The three dichromacy types: protanopia (red-deficient, missing L-cone function), deuteranopia (green-deficient, missing M-cone function, the most common form), and tritanopia (blue-deficient, missing S-cone function, much rarer).

How accurate is this compared to real color blindness?

The Machado et al. 2009 matrices are a widely cited, peer-reviewed simulation model, but they model complete dichromacy (total loss of one cone type) — most real-world color vision deficiency is anomalous trichromacy (reduced, not absent, cone function), so the simulation shows a worst-case scenario rather than the exact experience of most colorblind users.

Should I test a whole palette, not just two colors?

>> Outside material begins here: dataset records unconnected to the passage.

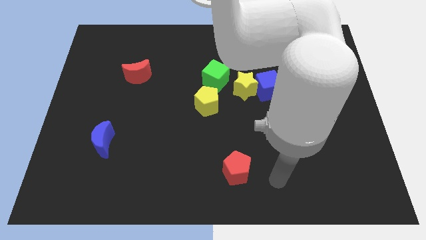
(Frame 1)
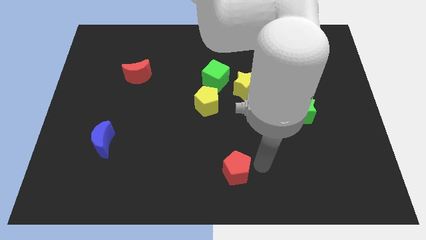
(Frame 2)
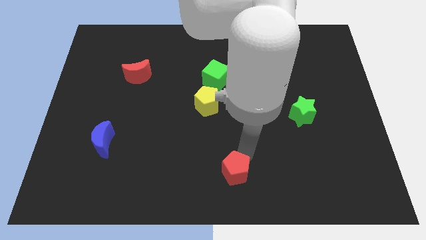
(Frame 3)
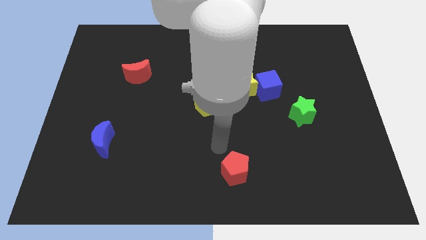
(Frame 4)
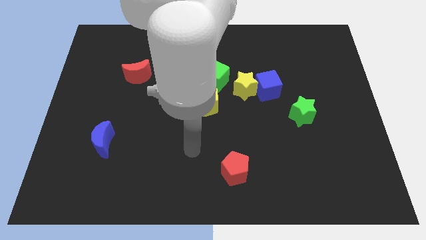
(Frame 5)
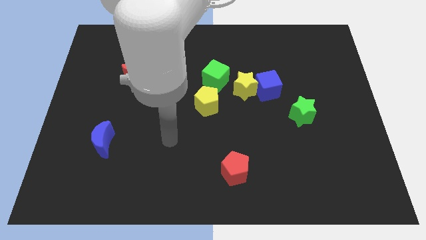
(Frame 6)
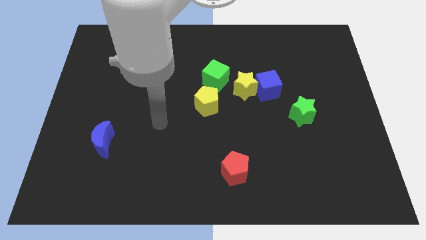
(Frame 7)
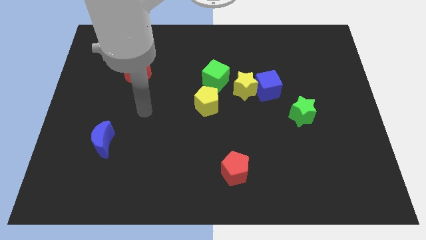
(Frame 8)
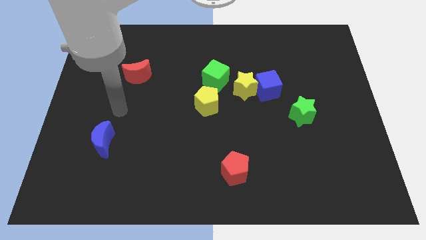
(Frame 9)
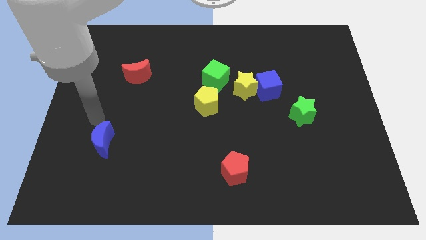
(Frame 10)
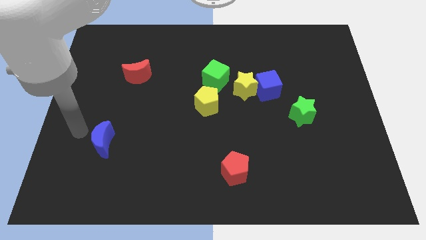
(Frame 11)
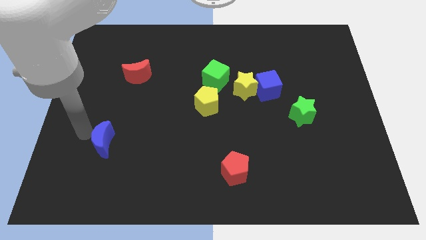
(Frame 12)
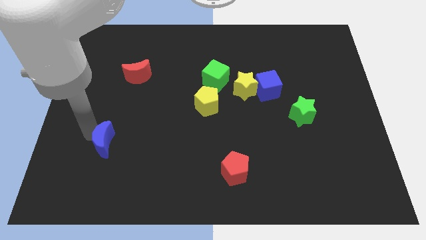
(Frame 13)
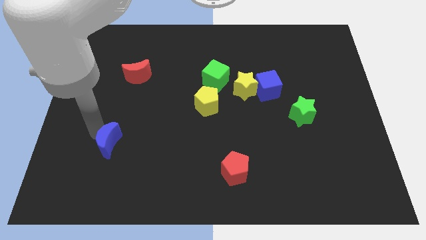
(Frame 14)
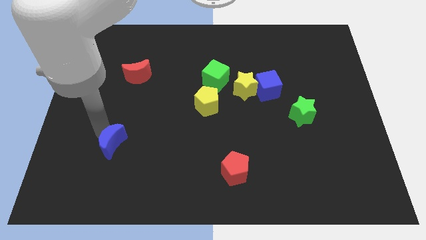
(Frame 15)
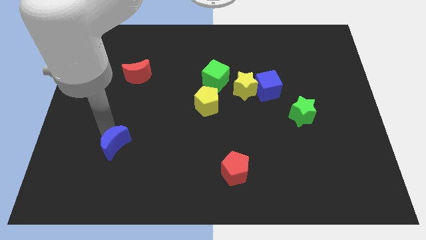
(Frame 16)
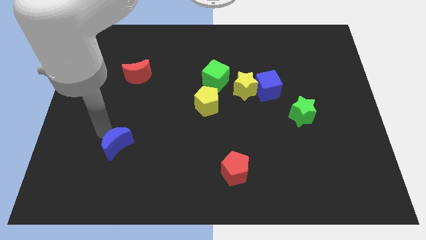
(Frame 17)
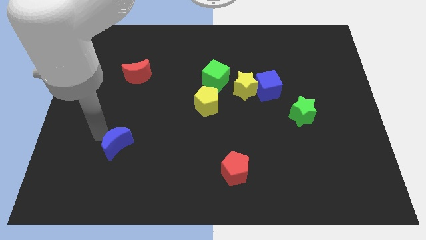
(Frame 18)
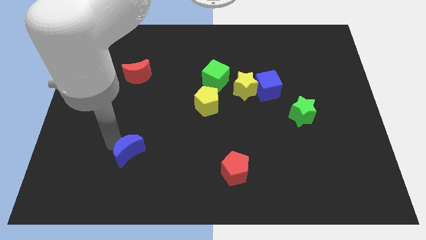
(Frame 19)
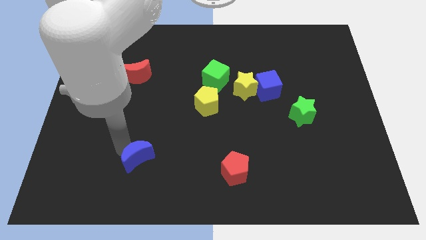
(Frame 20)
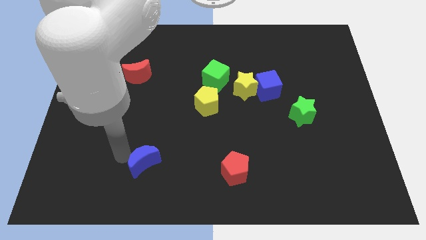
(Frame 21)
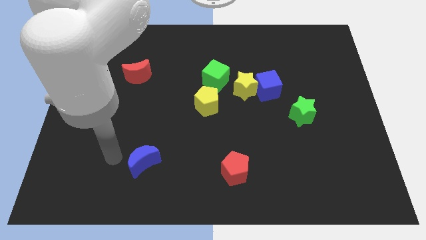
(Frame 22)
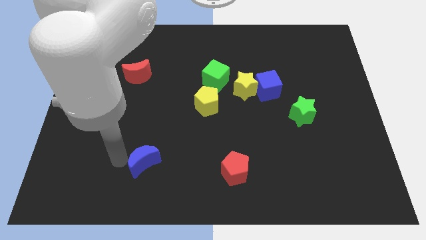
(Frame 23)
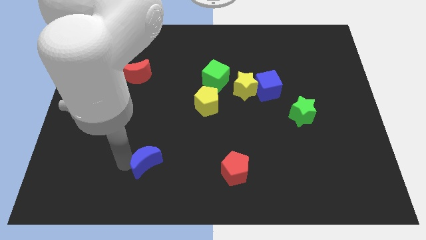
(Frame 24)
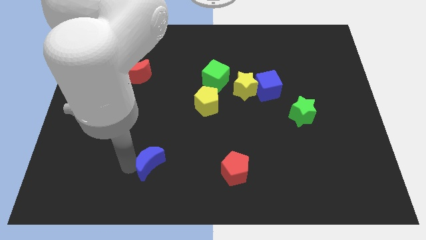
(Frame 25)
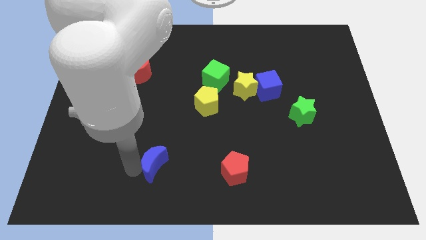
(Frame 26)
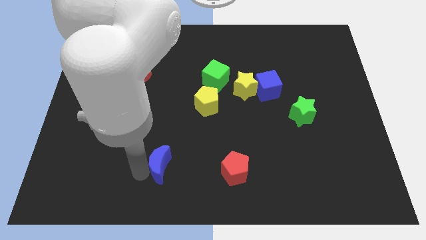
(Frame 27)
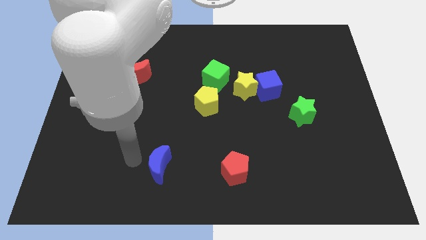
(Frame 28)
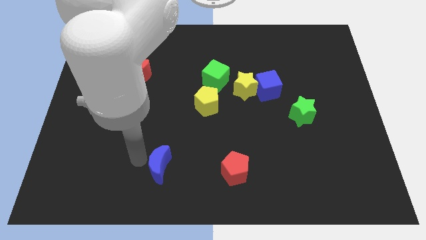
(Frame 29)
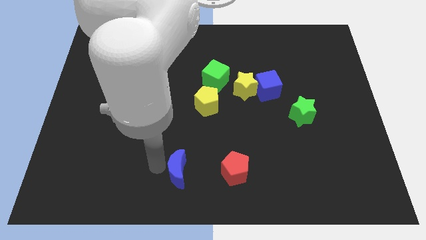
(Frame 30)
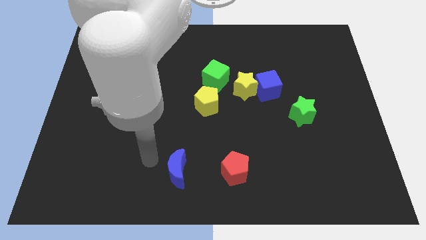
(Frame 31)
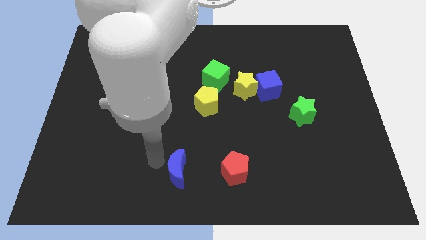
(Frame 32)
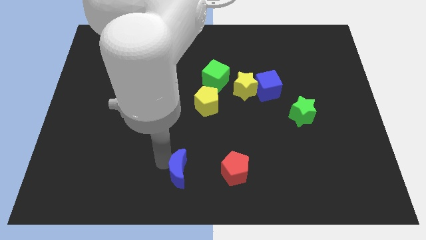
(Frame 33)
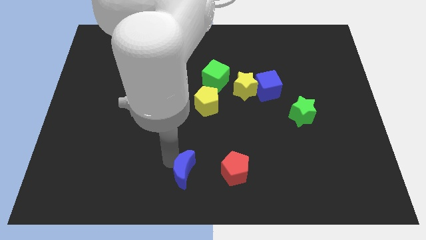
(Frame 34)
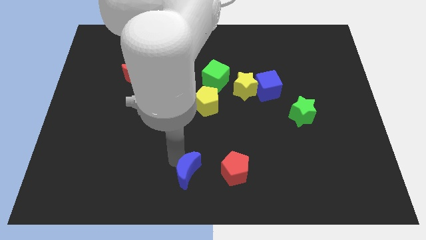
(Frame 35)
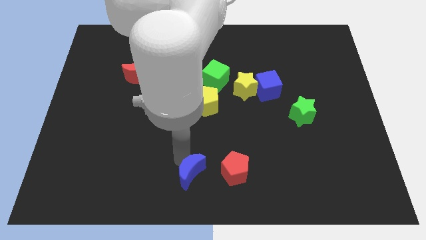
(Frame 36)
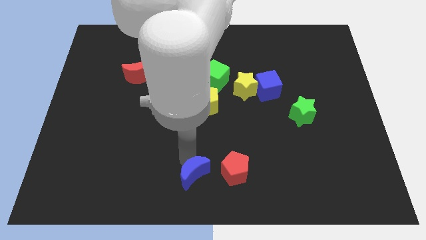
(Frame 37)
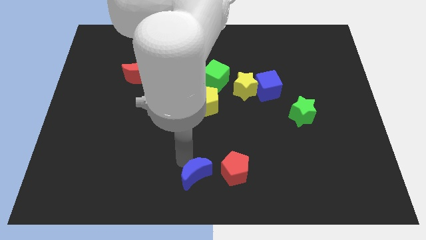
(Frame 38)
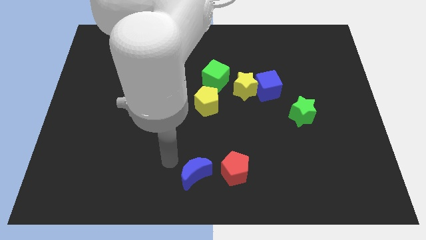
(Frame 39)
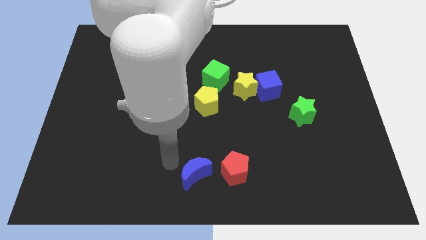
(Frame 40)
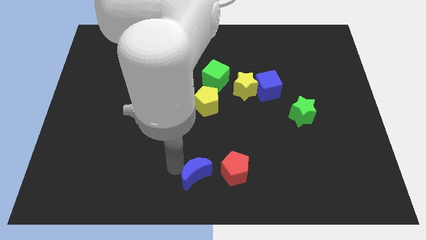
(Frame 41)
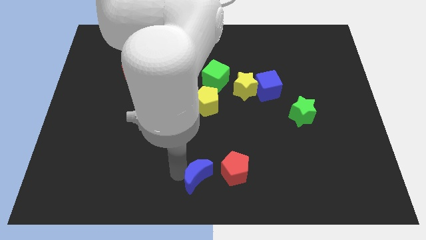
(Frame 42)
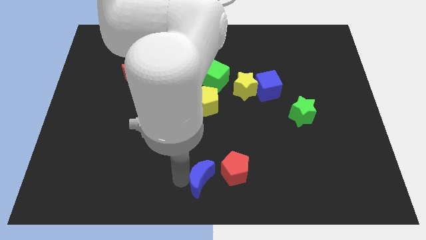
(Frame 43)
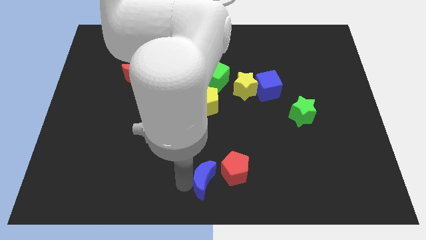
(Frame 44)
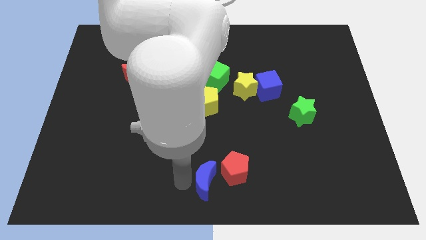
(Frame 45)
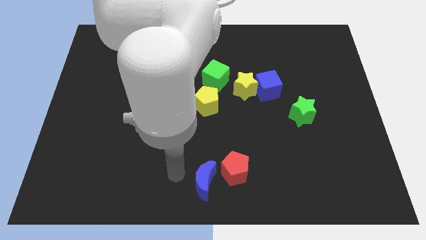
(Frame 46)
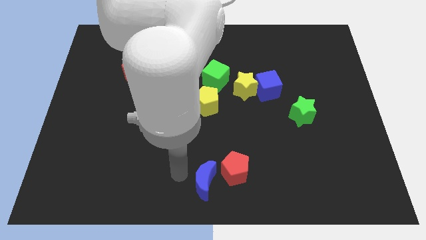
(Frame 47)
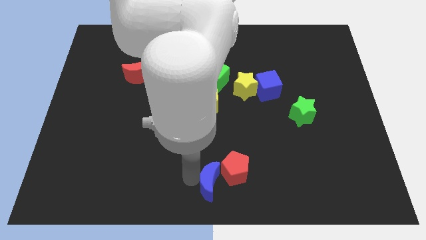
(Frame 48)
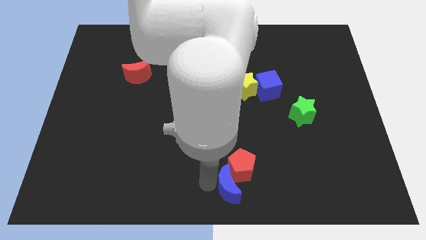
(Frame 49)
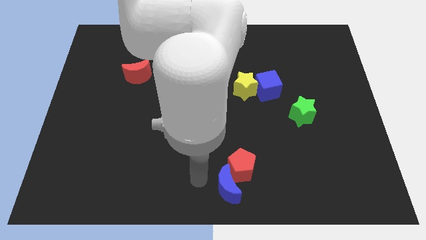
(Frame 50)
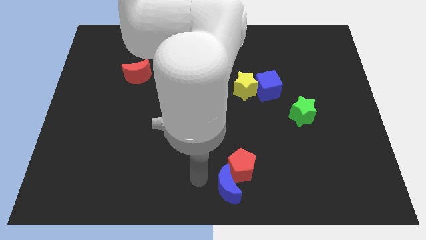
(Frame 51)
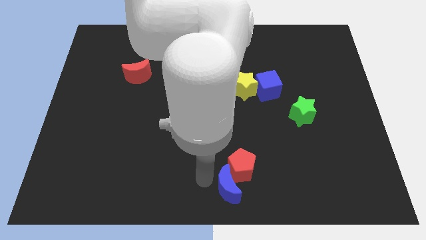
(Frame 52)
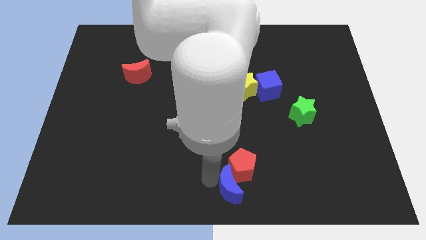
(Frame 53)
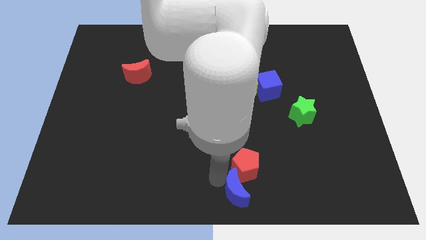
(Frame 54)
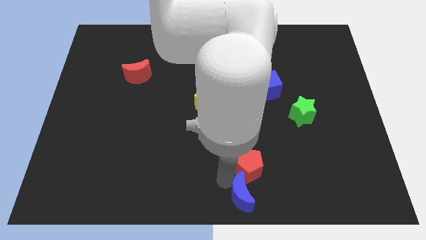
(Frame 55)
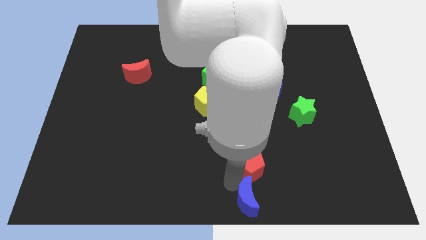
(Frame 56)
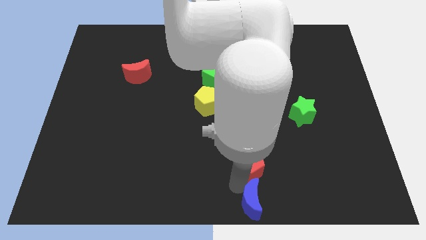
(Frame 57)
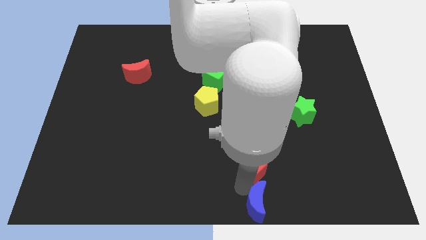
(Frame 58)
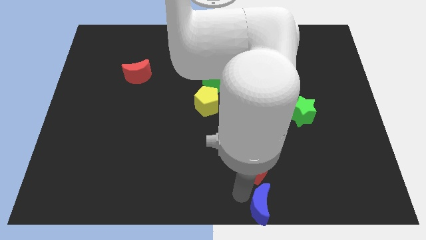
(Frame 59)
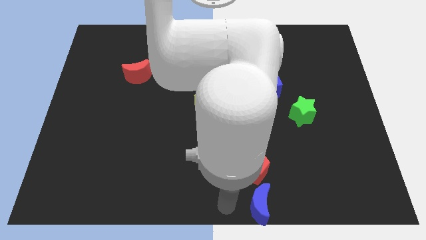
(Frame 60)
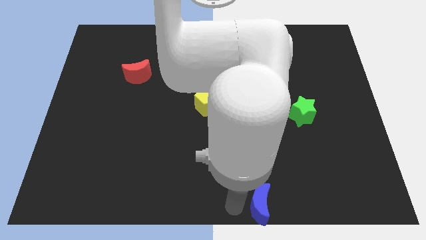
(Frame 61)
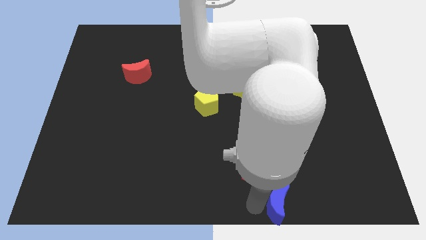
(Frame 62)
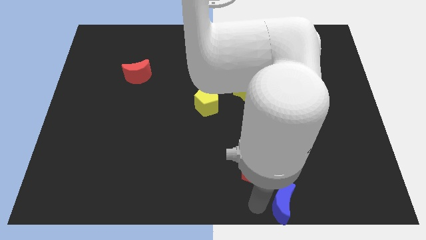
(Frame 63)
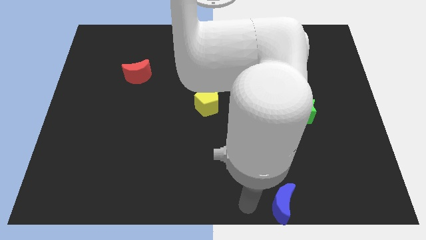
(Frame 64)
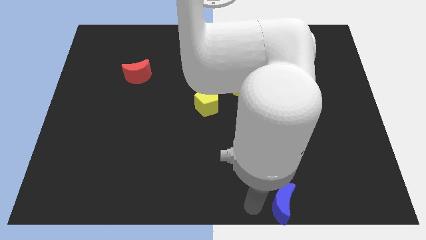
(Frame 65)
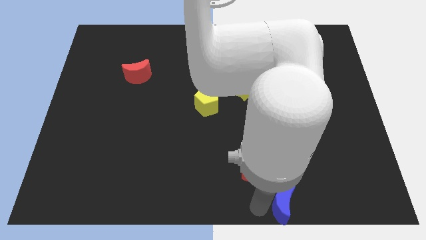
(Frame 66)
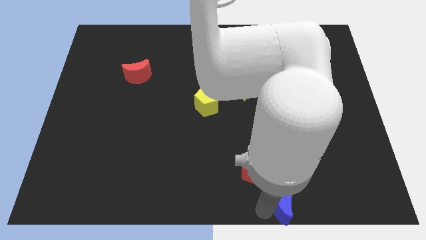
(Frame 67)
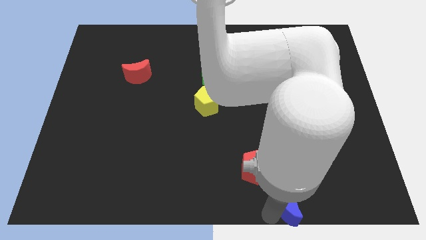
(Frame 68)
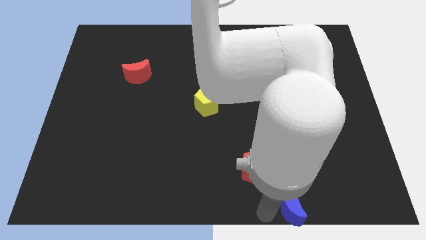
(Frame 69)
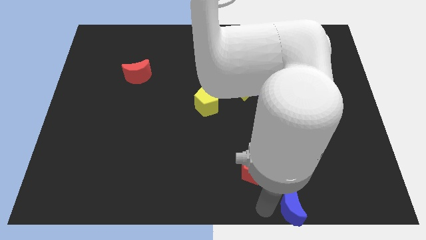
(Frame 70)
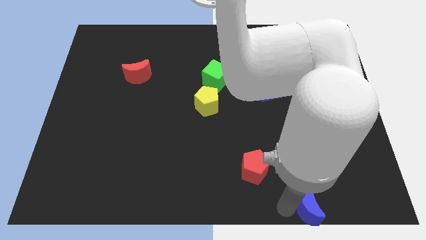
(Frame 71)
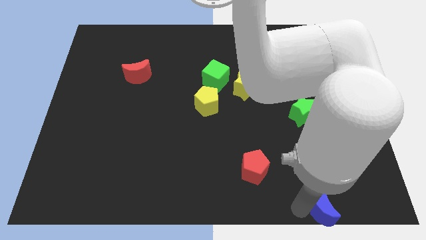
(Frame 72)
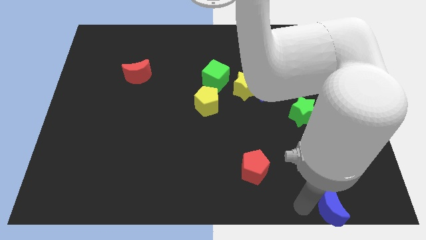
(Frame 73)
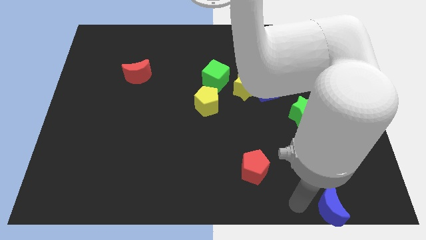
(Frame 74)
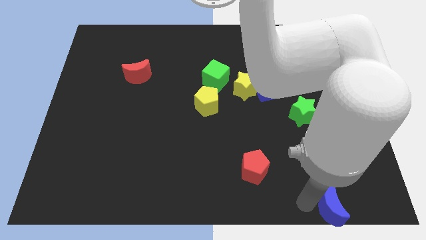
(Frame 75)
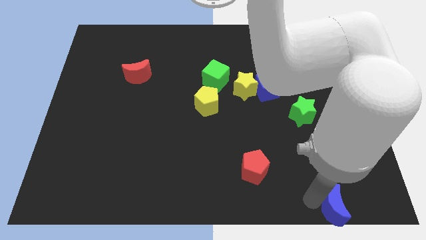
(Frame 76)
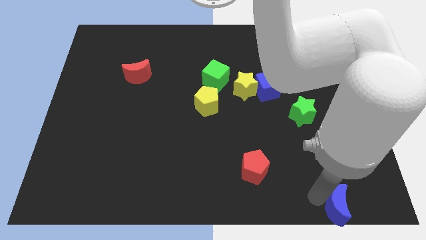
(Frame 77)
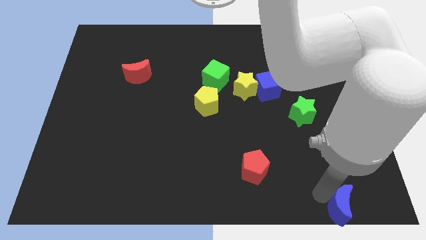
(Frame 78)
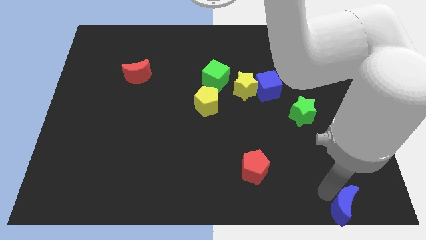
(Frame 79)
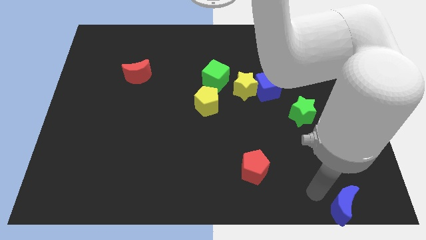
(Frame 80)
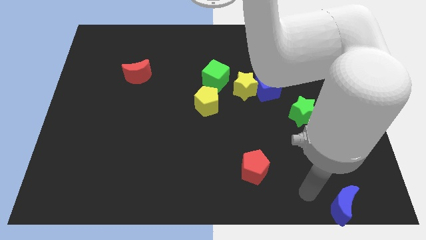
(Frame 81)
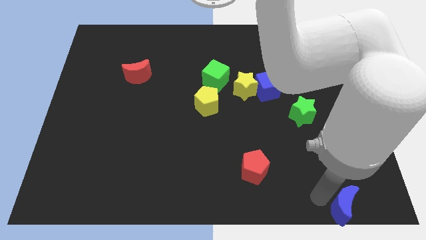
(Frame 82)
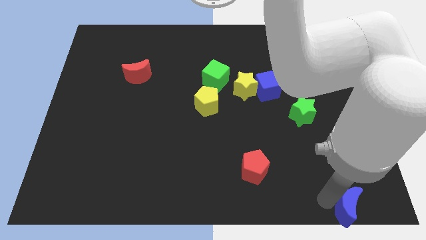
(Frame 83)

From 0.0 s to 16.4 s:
push the blue moon to the bottom right corner

Yes — run every semantic color pair your product actually uses (error/success/warning/info) through the simulator together, since individual colors can look fine in isolation but collapse together once simulated side by side.

What about monochromacy (total color blindness)?

Complete monochromacy (achromatopsia) is extremely rare — this simulator covers the three much more common dichromacy types; for a monochromacy check, converting your palette to grayscale and checking lightness contrast alone is the closer approximation.

Does protanopia affect brightness perception, not just hue?

Yes — because the missing long-wavelength (L) cone also contributes to overall luminance perception, protanopia dims perceived brightness at the red end of the spectrum specifically, which is why reds can appear both hue-shifted and noticeably darker under a protanopia simulation, not just recolored.

How common is red-green color blindness overall?

Roughly 1 in 12 men and 1 in 200 women of Northern European descent have some form of red-green deficiency (protanomaly, deuteranomaly, or the rarer full dichromacies), making it by far the most common category of color-vision difference — which is why it's the default pairing worth testing first.